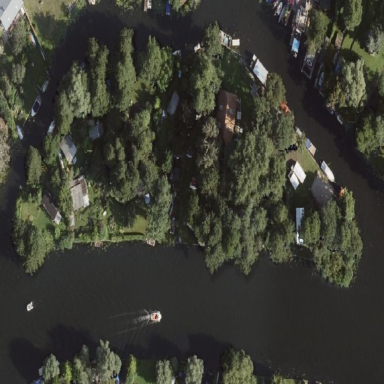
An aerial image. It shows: Islet used for allotments.
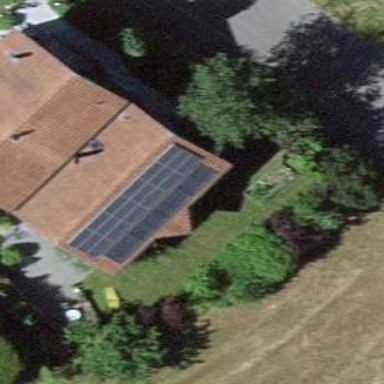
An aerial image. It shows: Solar power generator utilizing photovoltaic technology with solar photovoltaic panels.
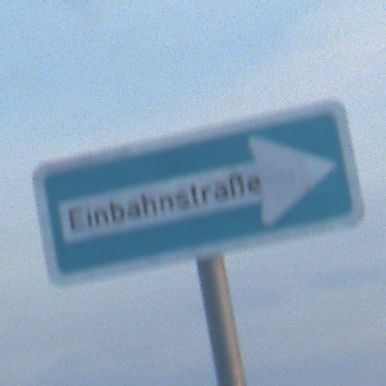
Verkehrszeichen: EinbahnstrasseRechtsweisend
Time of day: SunriseSunset
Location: Outdoor (Nature)
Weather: PartlyCloudy
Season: NotSpecified
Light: Natural
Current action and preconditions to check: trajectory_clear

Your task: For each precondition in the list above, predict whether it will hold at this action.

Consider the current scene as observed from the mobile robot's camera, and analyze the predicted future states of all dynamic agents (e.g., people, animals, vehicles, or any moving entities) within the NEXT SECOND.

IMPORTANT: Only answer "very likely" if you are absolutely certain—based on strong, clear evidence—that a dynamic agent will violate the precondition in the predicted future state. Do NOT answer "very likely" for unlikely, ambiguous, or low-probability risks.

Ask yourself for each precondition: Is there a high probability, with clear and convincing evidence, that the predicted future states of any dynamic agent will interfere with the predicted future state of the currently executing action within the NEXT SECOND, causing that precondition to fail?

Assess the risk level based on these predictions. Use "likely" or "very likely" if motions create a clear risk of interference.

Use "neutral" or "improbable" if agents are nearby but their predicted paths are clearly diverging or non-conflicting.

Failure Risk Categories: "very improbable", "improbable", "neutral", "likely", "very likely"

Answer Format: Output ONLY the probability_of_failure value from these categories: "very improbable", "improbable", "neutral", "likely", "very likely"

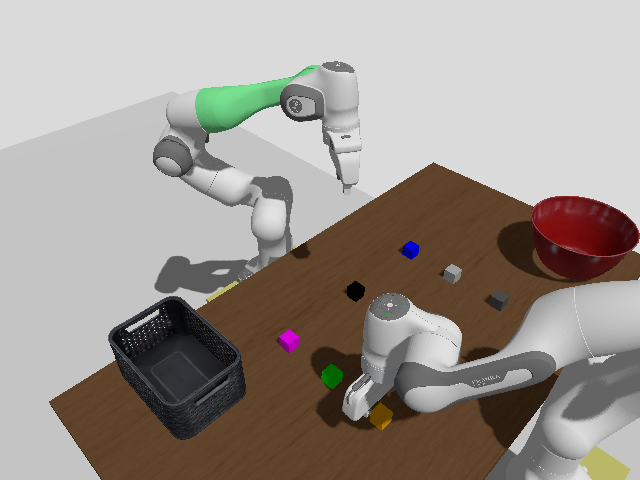

Answer: very improbable
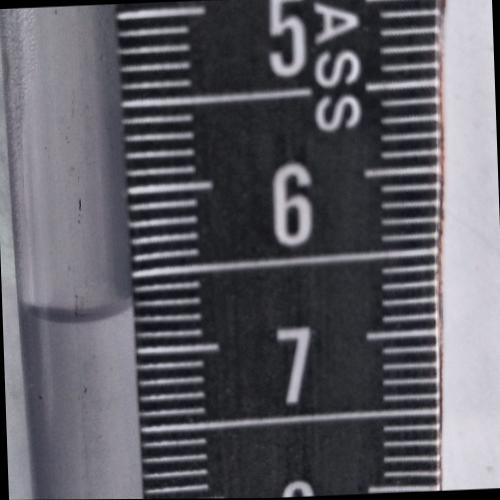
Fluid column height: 6.7 cm
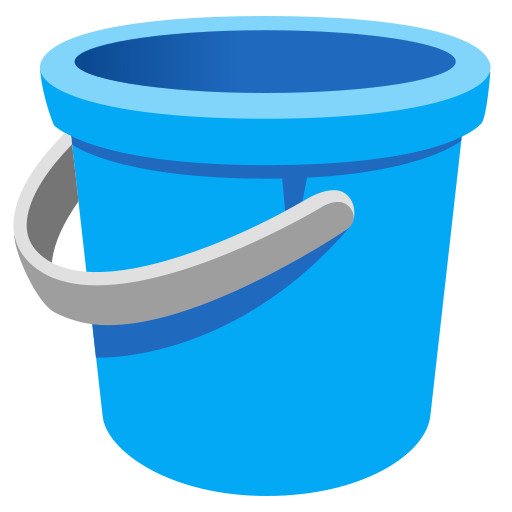
Emoji: 🪣

....

### ASSIGNED TASK
Whichever lines of the data include the word "aerial", pull them out.

### SOLVED PROBLEM
An aerial image. It shows: Islet used for allotments.
An aerial image. It shows: Solar power generator utilizing photovoltaic technology with solar photovoltaic panels.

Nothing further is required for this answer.